5. Investment in Unconsolidated Affiliate and Transactions with Affiliates

Investment in Unconsolidated Affiliate

We have a 50 percent ownership interest in Bear Creek Storage Company, L.L.C. (Bear Creek), a joint venture equally owned with Southern Natural Gas Company, L.L.C., our affiliate. For the quarters ended March 31, 2012 and 2011, we received $3 million and $1 million in cash distributions from Bear Creek.

Summarized financial information for Bear Creek for the quarters ended March 31 is presented as follows:

 

      000000000       000000000  
    2012     2011  
    (In millions)  

Operating results data:

               

Operating revenues

  $ 9     $ 10  

Operating expenses

    3       2  

Income from continuing operations and net income

    6       8  

In November 2011, Bear Creek, along with other unaffiliated companies, received an order from the FERC related to an investigation into the rates charged to customers. The FERC ordered Bear Creek to file a full cost and revenue study within 75 days of the order. Bear Creek filed the cost and revenue study in January 2012 and the outcome of the proceeding is not expected to be material to our results of operations.

Transactions with Affiliates

Cash Management Program. We participate in El Paso’s cash management program which matches short-term cash surpluses and needs of participating affiliates, thus minimizing total borrowings from outside sources. El Paso uses the cash management program to settle intercompany transactions between participating affiliates. We have historically advanced cash to El Paso in exchange for an affiliated note receivable that is due upon demand. At March 31, 2012 and December 31, 2011, we had a note receivable from El Paso of $523 million and $519 million. We have classified this receivable as noncurrent on our balance sheet at March 31, 2012 as we do not anticipate using it in the next twelve months considering available cash sources and needs. The interest rate on this note is variable and was 2.5% at March 31, 2012 and December 31, 2011.
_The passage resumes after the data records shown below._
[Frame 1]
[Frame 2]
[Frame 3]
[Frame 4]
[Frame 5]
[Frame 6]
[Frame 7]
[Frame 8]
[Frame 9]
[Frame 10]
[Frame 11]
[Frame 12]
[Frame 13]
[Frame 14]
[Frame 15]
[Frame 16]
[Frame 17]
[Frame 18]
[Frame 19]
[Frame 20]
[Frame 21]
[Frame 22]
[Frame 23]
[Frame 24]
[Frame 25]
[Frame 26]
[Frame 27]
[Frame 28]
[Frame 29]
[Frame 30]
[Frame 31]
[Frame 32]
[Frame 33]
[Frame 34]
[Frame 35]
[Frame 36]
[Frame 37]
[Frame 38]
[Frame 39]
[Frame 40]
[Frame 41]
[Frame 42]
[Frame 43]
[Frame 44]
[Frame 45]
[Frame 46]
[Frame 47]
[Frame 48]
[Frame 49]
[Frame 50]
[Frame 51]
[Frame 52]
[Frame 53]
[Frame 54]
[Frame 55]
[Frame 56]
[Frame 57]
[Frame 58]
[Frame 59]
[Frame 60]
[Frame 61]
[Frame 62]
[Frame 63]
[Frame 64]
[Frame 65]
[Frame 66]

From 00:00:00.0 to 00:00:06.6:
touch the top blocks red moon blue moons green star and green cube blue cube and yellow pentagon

Income Taxes. Effective October 1, 2011, we changed our tax entity status from a corporation to a limited liability company. As a single member limited liability company, we continue to record federal income taxes on a separate return basis. El Paso files consolidated U.S. federal and certain state tax returns which include our taxable income. At March 31, 2012, we had federal and state income taxes payable of $9 million and a net federal and state income taxes receivable of $1 million at December 31, 2011. The majority of these balances, as well as deferred income taxes and amounts associated with the resolution of unrecognized tax benefits, will become payable to or receivable from El Paso.

 

Other Affiliate Balances. At March 31, 2012 and December 31, 2011, we had contractual deposits from our affiliates of $10 million.
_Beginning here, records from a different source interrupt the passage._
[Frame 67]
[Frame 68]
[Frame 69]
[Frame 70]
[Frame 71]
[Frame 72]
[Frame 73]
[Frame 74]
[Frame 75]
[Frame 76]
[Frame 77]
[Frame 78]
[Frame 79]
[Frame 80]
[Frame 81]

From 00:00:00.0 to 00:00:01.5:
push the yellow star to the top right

Affiliate Revenues and Expenses. We enter into transactions with our affiliates within the ordinary course of business. For a further discussion of our affiliated transactions, see our 2011 Annual Report on Form 10-K. The following table shows revenues, expenses and reimbursements from our affiliates for the quarters ended March 31:

 

      xxxxxxxx       xxxxxxxx  
    2012     2011  
    (In millions)  

Revenues (1)

  $ 7     $ 43  

Operation and maintenance expenses (2)

    76       17  

Reimbursement of operating expenses

    17       17  

 

(1) 

During the first quarter of 2011, we sold 5.8 TBtu of natural gas not used in operations to our affiliate, El Paso Marketing, L.P. In June 2011, we terminated our contract to sell gas to El Paso Marketing, L.P. in connection with the implementation of a fuel volume tracker as part of our rate case filed with the FERC.

(2) 

Following our conversion to a limited liability company in October 2011, we entered into a master services agreement with our affiliate in which we reimburse them for cost incurred on our behalf. For further discussion of the master services agreement, see our 2011 Annual Report on Form 10-K.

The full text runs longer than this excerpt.